> Dataset records:
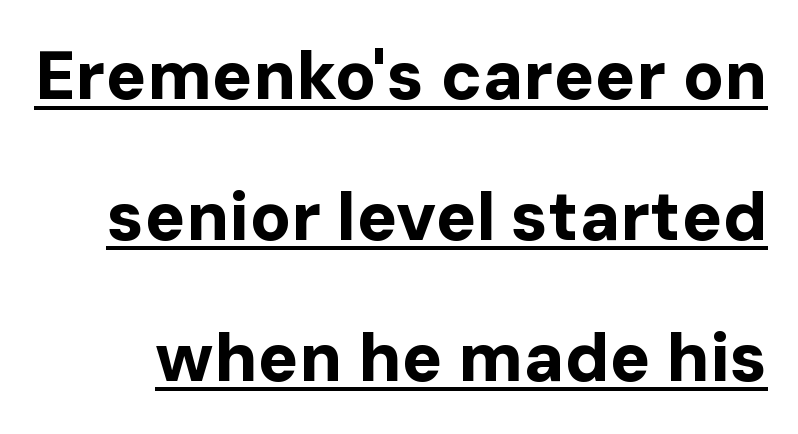
The image shows 68 px bold sans-serif type, upright; set loose line spacing (2.07x), normal letter spacing, underlined; low stroke contrast and a medium x-height.
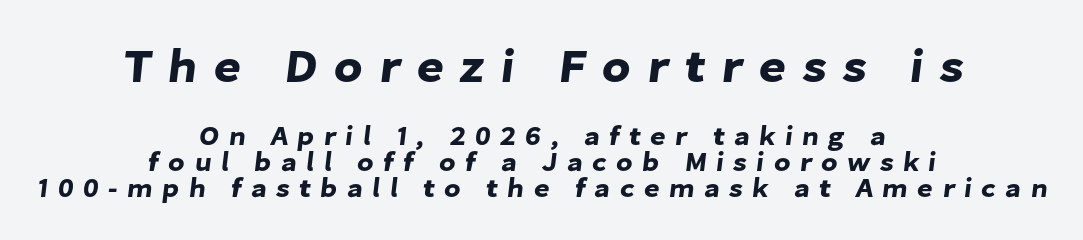
Q: Is the typeface a serif or a sans-serif typeface? A: Sans-serif.
Q: Is the text underlined? A: No.
Q: How is the paragraph aligned? A: Centered.
Q: Is the spacing between letters normal or unusually wide? A: Unusually wide.
Q: Is the spacing between lines tight, normal or loose? A: Tight.
Q: Which block of text is set in a larger size, the first (top) or the second (bottom)? A: The first (top) one.
Q: Width (condensed, normal, or wide)? A: Normal.
Q: Stroke contrast? A: Low.
Q: x-height? A: Medium.
Q: Monospaced? A: No.
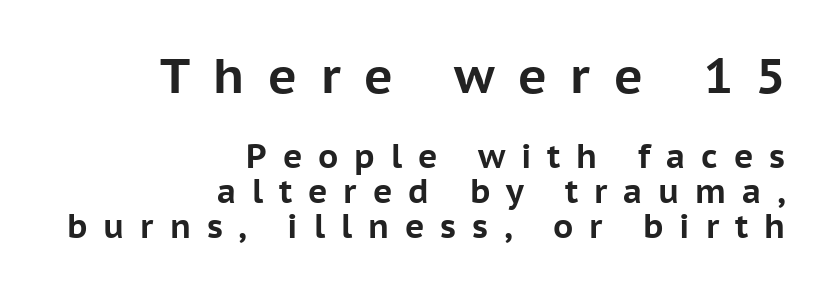
{"serif": "no", "italic": "no", "bold": "yes", "weight": "bold", "width": "normal", "stroke_contrast": "low", "x_height": "medium", "monospaced": "no", "underline": "no", "align": "right", "line_spacing": "tight", "line_spacing_ratio": 1.06, "letter_spacing": "wide", "letter_spacing_em": 0.48, "larger_block": "first", "size_ratio": 1.48, "glyph_px": 49}
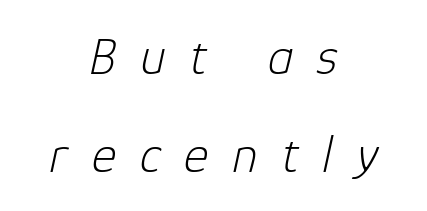
Q: Is the text bold? A: No.
Q: Is the text italic (slanted)? A: Yes, it leans right by about 12 degrees.
Q: Is the text underlined? A: No.
Q: How is the paragraph aligned? A: Centered.
Q: Is the spacing between letters normal or unusually wide? A: Unusually wide.
Q: Width (condensed, normal, or wide)? A: Normal.
Q: Stroke contrast? A: Low.
Q: x-height? A: Medium.
Q: Monospaced? A: No.
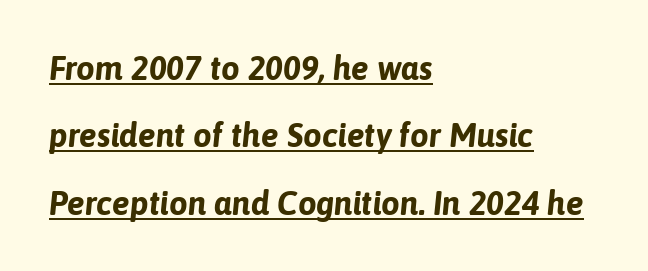
The image shows 33 px bold type, italic (leaning right); set left-aligned, loose line spacing (2.04x), normal letter spacing, underlined; low stroke contrast and a medium x-height.
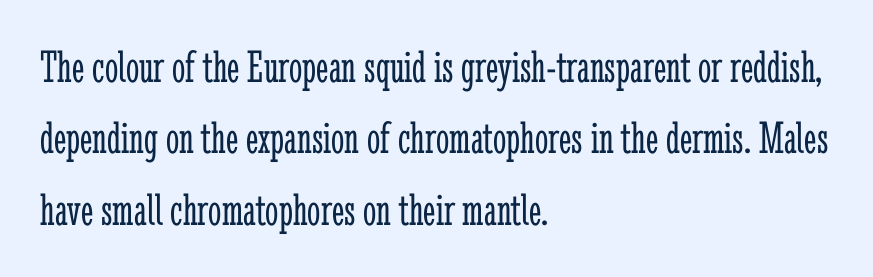
The image shows 47 px light, condensed serif type, upright; set left-aligned, normal line spacing (1.52x), normal letter spacing, not underlined; low stroke contrast and a medium x-height.
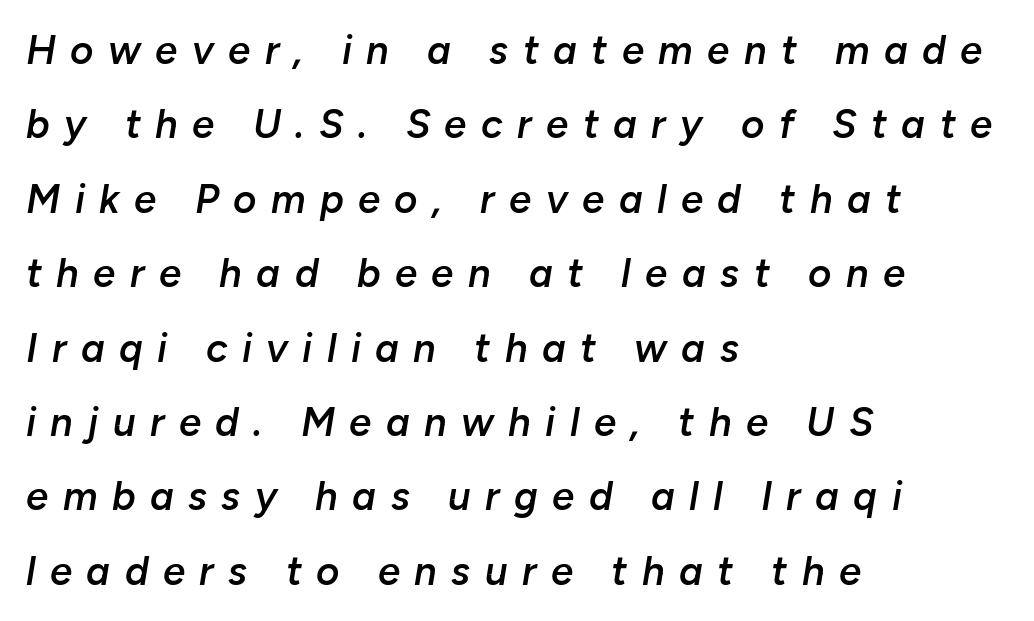
Q: Is the text bold? A: Semi-bold.
Q: Is the text italic (slanted)? A: Yes, it leans right by about 10 degrees.
Q: Is the text underlined? A: No.
Q: How is the paragraph aligned? A: Left-aligned.
Q: Is the spacing between letters normal or unusually wide? A: Unusually wide.
Q: Width (condensed, normal, or wide)? A: Normal.
Q: Stroke contrast? A: Low.
Q: x-height? A: Medium.
Q: Monospaced? A: No.
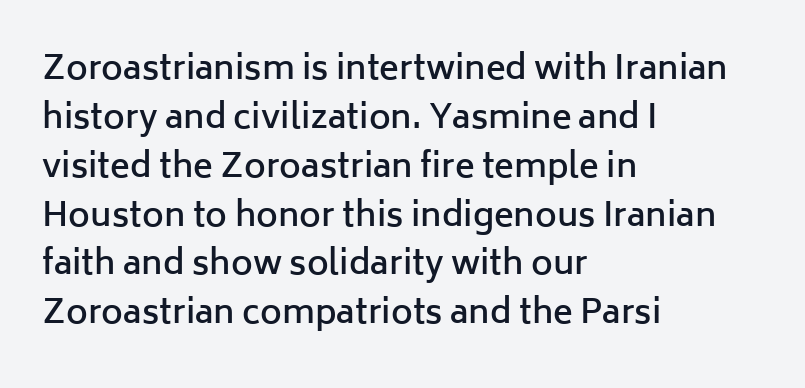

> EXERCISE BRIEF:
Keep to the lines above from the line with "The image shows 47" to the line with "Q: How is the paragraph aligned? A: Left-aligned.", and set down exactly those, inclusive, with nothing else and every picture left out.

> ANSWER SECTION:
The image shows 47 px light, condensed serif type, upright; set left-aligned, normal line spacing (1.52x), normal letter spacing, not underlined; low stroke contrast and a medium x-height.
Q: Is the text bold? A: Semi-bold.
Q: Is the text italic (slanted)? A: Yes, it leans right by about 10 degrees.
Q: Is the text underlined? A: No.
Q: How is the paragraph aligned? A: Left-aligned.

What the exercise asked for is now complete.